St. Albert Cheese factory fully reopened; curds back on deck Tuesday, March 2

Empty curd shelves at the St-Albert Cheese Co-op factory store.

Empty curd shelves at the St-Albert Cheese Co-op factory store. Van Dusen photo, Nation Valley News

Tom Van Dusen
Nation Valley News

ST. ALBERT — It could have been so much worse, said the manager of St. Albert Cheese Factory Monday after the regionally famous production plant reopened following a four-day closure to deal with a COVID-19 outbreak involving three employees.

A potential crisis was averted through quick action by the 127-year-old cooperative and full support from the Eastern Ontario Health Unit.
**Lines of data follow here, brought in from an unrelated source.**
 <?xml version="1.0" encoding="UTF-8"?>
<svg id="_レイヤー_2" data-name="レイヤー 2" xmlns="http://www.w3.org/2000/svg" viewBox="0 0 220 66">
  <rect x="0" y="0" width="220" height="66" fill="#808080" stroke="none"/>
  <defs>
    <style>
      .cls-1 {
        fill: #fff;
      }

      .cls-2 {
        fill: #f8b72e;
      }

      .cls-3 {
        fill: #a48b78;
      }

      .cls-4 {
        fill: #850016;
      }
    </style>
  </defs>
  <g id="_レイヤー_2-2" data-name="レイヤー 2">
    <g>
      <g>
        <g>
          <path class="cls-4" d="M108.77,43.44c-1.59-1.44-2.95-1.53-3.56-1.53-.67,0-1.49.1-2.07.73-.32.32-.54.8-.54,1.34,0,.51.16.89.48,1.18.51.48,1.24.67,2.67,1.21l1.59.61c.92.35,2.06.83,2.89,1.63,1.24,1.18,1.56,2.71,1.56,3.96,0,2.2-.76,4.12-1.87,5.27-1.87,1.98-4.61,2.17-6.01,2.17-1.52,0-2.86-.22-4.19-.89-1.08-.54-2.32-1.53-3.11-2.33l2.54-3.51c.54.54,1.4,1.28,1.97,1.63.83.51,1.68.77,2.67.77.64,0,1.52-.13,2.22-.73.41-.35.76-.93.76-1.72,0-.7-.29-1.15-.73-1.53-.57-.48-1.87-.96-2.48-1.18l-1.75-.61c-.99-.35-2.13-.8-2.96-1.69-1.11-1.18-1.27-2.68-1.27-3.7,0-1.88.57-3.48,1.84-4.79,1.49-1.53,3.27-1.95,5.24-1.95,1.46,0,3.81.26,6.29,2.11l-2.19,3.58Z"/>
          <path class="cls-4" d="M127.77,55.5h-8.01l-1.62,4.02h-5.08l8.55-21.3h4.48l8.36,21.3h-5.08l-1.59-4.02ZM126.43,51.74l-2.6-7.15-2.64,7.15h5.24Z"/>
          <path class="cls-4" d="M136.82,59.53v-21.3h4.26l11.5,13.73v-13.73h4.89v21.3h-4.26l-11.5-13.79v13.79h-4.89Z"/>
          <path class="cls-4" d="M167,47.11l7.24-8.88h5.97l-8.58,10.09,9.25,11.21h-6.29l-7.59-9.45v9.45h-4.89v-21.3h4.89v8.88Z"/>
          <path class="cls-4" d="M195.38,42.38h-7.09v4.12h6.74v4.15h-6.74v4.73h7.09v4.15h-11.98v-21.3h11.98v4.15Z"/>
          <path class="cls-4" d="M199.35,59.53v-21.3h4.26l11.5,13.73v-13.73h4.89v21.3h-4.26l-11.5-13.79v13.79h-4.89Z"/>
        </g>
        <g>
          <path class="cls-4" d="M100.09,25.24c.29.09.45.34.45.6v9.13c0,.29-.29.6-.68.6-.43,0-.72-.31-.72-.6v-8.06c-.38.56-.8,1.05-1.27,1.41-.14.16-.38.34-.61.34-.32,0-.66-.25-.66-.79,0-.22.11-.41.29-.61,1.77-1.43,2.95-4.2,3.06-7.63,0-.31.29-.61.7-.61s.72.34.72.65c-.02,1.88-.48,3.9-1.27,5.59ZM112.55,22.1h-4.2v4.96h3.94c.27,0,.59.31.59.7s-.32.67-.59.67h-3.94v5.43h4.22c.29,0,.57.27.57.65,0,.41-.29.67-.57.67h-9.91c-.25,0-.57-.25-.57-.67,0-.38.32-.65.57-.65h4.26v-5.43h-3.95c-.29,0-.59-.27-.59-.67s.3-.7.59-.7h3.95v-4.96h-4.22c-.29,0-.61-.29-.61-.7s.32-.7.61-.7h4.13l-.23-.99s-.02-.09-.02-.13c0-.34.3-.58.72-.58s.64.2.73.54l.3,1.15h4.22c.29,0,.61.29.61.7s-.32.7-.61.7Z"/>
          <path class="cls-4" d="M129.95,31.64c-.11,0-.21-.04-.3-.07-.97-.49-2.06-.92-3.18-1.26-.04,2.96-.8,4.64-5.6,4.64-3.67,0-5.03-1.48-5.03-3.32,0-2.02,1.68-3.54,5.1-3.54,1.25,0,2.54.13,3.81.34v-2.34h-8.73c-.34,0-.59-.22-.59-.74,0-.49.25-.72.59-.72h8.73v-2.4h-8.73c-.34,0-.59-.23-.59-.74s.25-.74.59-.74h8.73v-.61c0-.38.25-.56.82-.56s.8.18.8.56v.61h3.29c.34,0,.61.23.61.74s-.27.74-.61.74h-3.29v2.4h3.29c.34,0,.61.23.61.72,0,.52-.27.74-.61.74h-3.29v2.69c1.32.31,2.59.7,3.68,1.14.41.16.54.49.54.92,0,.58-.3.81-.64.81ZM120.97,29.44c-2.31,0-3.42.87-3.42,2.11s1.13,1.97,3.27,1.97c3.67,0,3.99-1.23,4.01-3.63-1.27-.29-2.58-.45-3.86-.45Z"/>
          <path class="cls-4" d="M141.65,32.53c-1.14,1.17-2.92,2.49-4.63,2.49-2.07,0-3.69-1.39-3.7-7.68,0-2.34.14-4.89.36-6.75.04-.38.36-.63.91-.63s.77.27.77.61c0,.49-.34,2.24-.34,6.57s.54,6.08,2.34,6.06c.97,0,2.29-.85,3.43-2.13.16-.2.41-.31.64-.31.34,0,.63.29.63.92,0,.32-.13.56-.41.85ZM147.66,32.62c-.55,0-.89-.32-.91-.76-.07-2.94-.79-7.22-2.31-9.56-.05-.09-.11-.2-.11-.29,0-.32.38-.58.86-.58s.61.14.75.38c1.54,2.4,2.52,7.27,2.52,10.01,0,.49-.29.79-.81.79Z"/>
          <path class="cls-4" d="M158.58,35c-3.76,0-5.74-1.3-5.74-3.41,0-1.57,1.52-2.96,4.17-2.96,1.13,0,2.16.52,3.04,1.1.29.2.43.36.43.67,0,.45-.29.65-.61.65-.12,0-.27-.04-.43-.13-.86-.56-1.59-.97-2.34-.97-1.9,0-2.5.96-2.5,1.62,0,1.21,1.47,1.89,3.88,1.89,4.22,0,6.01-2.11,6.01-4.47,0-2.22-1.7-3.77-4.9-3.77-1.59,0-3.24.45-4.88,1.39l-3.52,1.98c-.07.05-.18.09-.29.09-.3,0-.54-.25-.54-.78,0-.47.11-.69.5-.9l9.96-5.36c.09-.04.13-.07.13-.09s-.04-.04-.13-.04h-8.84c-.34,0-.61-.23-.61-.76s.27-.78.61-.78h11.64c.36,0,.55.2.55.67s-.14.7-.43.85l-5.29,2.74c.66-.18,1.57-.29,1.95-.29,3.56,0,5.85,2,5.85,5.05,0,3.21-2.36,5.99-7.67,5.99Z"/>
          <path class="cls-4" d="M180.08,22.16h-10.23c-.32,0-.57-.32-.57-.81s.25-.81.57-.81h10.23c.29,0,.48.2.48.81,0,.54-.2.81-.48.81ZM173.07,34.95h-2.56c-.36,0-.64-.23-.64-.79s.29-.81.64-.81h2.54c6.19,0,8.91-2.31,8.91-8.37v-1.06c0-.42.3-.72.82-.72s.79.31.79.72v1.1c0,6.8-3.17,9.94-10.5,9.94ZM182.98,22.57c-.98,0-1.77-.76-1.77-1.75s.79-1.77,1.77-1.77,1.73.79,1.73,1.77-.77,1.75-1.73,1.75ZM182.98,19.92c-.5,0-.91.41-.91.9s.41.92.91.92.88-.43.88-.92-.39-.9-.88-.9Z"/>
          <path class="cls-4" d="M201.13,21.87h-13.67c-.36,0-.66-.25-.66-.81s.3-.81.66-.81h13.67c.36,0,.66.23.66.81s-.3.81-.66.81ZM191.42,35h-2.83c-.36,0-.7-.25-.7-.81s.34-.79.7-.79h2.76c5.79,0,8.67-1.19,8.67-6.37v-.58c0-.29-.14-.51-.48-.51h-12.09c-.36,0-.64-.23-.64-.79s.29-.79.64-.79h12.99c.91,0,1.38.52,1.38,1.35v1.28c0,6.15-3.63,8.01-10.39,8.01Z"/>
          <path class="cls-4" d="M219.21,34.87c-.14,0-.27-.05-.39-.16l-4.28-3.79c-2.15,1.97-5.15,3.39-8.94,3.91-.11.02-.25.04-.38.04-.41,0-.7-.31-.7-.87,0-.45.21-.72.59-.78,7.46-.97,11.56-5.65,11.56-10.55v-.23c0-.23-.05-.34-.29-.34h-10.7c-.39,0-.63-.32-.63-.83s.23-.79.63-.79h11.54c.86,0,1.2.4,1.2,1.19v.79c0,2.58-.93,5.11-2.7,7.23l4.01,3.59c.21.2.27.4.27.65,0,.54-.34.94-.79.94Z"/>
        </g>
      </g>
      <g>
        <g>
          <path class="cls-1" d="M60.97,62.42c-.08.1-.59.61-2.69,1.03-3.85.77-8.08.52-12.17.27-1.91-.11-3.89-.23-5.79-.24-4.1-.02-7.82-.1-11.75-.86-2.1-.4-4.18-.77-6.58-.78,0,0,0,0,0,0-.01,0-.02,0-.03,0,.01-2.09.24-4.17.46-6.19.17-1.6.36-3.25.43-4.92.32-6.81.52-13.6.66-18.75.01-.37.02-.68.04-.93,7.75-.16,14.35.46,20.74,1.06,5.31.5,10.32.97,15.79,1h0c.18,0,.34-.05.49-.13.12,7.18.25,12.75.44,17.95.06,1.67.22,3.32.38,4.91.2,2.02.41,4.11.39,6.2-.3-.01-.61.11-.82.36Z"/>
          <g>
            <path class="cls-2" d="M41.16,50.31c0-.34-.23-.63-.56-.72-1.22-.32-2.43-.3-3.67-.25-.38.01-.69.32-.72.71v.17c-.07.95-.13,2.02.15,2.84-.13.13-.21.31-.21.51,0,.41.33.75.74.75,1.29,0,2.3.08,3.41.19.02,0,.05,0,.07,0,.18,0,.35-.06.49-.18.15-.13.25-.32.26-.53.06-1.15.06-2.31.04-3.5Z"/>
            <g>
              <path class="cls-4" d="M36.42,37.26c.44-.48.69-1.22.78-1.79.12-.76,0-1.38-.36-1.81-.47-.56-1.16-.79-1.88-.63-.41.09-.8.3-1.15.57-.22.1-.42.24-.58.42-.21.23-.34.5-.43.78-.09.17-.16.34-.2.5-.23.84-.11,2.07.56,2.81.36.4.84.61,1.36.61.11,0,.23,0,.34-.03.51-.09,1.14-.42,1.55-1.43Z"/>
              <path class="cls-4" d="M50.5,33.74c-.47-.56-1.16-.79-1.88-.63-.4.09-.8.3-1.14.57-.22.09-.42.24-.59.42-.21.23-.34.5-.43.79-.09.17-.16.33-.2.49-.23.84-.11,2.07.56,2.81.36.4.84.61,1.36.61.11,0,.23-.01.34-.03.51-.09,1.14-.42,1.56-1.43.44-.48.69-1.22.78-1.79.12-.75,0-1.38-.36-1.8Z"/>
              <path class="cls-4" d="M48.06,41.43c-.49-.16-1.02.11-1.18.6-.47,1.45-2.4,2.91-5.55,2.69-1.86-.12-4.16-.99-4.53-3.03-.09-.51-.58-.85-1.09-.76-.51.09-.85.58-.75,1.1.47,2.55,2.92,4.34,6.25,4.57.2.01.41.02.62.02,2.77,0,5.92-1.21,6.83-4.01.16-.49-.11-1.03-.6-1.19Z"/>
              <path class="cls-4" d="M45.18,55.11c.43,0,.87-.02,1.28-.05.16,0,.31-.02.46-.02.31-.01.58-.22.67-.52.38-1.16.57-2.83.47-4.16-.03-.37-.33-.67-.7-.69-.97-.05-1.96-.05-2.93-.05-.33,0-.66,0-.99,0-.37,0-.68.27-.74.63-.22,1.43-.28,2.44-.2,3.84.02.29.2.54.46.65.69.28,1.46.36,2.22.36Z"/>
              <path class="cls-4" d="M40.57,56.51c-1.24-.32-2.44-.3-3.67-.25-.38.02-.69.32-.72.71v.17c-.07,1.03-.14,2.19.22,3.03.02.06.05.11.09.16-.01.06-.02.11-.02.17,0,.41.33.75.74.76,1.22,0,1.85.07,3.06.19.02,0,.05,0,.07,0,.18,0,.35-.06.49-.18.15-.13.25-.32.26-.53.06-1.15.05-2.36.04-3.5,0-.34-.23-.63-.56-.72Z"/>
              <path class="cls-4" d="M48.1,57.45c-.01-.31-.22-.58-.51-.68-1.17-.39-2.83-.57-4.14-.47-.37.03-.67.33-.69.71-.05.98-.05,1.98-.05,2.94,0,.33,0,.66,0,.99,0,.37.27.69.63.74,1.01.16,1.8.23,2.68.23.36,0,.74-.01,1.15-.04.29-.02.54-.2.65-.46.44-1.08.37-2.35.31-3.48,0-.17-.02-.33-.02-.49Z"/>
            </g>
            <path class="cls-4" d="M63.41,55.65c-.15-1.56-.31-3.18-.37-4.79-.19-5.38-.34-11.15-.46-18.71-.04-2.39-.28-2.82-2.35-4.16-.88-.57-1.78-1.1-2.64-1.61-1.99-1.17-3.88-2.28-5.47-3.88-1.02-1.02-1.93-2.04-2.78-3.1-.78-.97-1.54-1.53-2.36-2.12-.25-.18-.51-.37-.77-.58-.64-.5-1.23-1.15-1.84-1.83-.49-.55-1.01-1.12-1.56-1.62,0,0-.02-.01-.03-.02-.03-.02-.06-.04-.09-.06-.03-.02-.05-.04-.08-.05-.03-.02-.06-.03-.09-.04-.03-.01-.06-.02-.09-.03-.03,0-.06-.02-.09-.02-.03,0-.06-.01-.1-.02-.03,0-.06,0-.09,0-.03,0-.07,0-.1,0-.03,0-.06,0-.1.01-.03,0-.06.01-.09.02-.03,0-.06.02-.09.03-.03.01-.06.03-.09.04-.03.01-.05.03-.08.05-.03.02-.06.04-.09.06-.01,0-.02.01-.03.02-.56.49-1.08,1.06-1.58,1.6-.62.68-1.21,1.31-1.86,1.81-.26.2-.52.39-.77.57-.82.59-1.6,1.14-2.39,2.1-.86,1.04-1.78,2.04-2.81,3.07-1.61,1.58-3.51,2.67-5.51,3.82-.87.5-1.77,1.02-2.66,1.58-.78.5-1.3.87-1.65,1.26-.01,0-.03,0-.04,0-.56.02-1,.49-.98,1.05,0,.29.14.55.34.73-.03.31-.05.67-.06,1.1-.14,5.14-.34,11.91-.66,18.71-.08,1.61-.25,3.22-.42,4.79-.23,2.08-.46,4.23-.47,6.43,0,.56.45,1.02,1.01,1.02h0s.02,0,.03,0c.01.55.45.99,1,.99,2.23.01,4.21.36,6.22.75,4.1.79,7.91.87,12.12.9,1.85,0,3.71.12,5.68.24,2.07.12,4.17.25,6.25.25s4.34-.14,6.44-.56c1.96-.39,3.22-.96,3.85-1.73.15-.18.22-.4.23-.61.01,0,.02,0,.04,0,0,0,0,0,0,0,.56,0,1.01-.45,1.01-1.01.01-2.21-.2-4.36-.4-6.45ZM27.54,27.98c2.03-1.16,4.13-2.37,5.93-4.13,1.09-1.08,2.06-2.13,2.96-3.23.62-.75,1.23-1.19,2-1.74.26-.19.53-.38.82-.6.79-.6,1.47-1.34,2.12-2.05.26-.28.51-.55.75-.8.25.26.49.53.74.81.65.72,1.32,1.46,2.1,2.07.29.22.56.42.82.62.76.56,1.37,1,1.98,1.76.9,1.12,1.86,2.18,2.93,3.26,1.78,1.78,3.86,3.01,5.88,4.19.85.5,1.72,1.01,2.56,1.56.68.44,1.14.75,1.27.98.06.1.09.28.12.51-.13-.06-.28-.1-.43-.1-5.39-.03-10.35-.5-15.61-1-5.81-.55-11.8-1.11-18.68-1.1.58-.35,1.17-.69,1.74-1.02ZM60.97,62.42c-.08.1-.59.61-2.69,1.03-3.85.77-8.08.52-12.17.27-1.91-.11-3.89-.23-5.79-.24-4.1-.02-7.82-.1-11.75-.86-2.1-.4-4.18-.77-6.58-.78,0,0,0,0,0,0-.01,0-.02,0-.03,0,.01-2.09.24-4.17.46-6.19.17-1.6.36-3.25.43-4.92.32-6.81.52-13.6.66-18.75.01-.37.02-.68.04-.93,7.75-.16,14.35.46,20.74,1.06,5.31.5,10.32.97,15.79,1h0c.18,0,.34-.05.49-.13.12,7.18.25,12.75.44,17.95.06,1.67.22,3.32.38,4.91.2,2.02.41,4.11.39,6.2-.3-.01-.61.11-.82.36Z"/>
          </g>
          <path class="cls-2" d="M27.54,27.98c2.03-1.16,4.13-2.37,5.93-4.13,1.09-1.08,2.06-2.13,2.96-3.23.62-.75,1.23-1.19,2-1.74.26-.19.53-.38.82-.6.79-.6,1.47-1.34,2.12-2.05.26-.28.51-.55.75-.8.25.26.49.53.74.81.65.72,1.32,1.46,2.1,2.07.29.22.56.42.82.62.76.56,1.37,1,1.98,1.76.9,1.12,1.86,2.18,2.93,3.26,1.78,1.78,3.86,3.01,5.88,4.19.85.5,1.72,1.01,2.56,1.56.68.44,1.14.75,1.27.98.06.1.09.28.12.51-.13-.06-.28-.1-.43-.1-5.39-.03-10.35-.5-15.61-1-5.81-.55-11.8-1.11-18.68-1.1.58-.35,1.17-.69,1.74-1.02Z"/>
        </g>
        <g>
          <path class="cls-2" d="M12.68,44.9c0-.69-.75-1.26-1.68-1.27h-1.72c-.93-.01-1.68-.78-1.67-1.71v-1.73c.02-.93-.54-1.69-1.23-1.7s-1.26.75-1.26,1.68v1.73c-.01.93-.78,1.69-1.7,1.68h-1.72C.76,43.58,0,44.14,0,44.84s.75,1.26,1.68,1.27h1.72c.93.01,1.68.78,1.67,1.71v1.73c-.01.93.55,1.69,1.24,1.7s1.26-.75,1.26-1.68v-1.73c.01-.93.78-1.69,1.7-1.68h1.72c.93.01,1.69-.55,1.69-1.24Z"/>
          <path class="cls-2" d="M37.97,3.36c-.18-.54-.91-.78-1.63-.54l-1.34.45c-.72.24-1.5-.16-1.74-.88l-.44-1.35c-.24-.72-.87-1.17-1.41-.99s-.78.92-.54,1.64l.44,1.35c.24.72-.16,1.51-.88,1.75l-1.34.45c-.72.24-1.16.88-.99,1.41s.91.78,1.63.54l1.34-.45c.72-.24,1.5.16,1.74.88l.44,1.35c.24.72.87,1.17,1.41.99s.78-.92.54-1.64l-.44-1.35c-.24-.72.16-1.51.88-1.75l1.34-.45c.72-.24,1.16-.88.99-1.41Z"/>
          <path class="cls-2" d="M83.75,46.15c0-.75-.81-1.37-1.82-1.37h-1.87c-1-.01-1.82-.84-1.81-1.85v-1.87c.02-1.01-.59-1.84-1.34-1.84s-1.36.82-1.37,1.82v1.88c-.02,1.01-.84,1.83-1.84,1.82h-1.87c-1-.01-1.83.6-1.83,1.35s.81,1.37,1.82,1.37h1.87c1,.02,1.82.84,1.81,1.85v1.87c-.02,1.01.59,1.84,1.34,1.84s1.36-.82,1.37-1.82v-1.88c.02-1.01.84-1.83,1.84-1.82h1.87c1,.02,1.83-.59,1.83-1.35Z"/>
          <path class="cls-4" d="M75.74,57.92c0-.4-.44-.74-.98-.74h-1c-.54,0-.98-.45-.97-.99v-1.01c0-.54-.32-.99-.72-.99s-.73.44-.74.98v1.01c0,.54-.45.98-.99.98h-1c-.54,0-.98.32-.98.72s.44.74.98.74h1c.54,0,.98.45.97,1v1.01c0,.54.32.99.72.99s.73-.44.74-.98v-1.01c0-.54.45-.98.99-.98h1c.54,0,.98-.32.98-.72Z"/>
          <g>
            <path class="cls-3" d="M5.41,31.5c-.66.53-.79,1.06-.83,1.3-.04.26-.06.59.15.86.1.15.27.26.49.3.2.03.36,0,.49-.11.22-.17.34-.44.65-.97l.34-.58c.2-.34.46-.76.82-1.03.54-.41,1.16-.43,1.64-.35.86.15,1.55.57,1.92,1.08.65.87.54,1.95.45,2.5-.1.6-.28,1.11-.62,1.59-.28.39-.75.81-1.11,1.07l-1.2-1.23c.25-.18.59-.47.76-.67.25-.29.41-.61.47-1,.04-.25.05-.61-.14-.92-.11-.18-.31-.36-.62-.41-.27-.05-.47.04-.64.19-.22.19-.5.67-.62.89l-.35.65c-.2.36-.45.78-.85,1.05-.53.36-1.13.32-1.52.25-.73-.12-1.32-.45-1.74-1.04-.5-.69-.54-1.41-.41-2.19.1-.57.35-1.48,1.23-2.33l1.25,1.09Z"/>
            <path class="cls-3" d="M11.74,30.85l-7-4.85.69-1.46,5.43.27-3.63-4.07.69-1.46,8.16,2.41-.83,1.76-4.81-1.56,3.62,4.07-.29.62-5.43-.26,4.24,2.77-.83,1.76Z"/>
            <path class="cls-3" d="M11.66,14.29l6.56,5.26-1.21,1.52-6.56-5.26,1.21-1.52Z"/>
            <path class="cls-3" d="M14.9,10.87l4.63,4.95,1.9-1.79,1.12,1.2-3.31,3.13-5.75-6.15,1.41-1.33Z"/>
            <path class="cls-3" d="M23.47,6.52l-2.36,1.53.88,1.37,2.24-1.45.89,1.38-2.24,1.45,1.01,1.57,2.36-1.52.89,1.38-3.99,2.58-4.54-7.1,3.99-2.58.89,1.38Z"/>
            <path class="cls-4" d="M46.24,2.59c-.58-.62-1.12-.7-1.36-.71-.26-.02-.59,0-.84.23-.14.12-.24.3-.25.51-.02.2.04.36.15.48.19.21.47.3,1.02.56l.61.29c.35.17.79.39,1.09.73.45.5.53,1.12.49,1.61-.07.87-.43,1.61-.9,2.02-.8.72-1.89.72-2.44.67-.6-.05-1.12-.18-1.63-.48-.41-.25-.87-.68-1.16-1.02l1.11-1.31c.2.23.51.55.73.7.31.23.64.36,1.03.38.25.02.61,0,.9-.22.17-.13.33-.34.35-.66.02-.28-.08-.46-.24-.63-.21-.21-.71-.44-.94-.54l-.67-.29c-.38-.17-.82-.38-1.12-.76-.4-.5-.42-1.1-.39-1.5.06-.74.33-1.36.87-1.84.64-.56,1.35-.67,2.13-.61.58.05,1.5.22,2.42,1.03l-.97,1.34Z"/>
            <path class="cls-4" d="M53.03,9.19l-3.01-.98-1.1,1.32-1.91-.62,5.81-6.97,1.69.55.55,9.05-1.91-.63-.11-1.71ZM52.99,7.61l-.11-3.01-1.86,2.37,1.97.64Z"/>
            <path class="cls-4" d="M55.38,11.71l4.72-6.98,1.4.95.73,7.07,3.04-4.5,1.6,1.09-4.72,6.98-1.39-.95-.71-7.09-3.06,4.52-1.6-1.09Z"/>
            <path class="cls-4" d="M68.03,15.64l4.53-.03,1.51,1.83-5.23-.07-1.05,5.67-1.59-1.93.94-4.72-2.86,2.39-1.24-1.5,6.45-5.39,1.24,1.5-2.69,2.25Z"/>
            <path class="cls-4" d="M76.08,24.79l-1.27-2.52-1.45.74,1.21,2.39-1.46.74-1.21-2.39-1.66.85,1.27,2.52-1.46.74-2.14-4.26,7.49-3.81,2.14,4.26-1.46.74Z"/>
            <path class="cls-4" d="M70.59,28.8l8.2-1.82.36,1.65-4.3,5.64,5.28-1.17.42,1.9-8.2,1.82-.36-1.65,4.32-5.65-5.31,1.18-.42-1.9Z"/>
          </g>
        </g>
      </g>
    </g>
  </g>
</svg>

Ten employees were isolated, close to 200 were tested for C-19, and cheese-making operations shut down. Up to 160,000 litres of milk a day coming into the plant were diverted to other Dairy Farmers of Ontario customers.

While he was shocked the factory was hit by C-19 a year into the pandemic, manager Eric Lafontaine is pleased with remedial results and the quick response. Lafontaine underlined the co-op volunteered to close temporarily to avoid spread through the community. St. Albert employees come from all parts of Eastern Ontario and into Gatineau, he noted.

After closing Friday, the store reopened Saturday — minus curds and fresh cheese — with treacherous driving conditions in the morning keeping most customers away. The restaurant has been closed all winter to meet pandemic protocols around distancing.

Natascha Wood photo, Nation Valley News

The good news for curd lovers is that designated shelves in the St-Albert Cheese Co-op store will be replenished with the squeaky treat beginning tomorrow (Tues., March 2).

The plant was closed until this morning and opened short of the employees still in quarantine. Because the COVID-19 in question was a variant, store staff have adopted extra protection of special goggles on top of masks and shields; goggles, Lafontaine explained, are routinely worn on the production floor.

EOHU hasn’t asked for any extra measures, the manager stated, indicating further testing is likely to be undertaken among employee family members.

Lafontaine said there have been indications vaccinations for food industry personnel will begin relatively shortly. An issue is developing around that eventuality: Can employees be forced to take the needle or is it an infringement of their human rights? Lafontaine suggested it could be hard legally to force workers to comply.

While social media chatter has largely been supportive of the quick turnaround at the cheese factory, some have suggested that, because of interconnection of the business’s departments and the community, all employees should be quarantined for the prescribed period.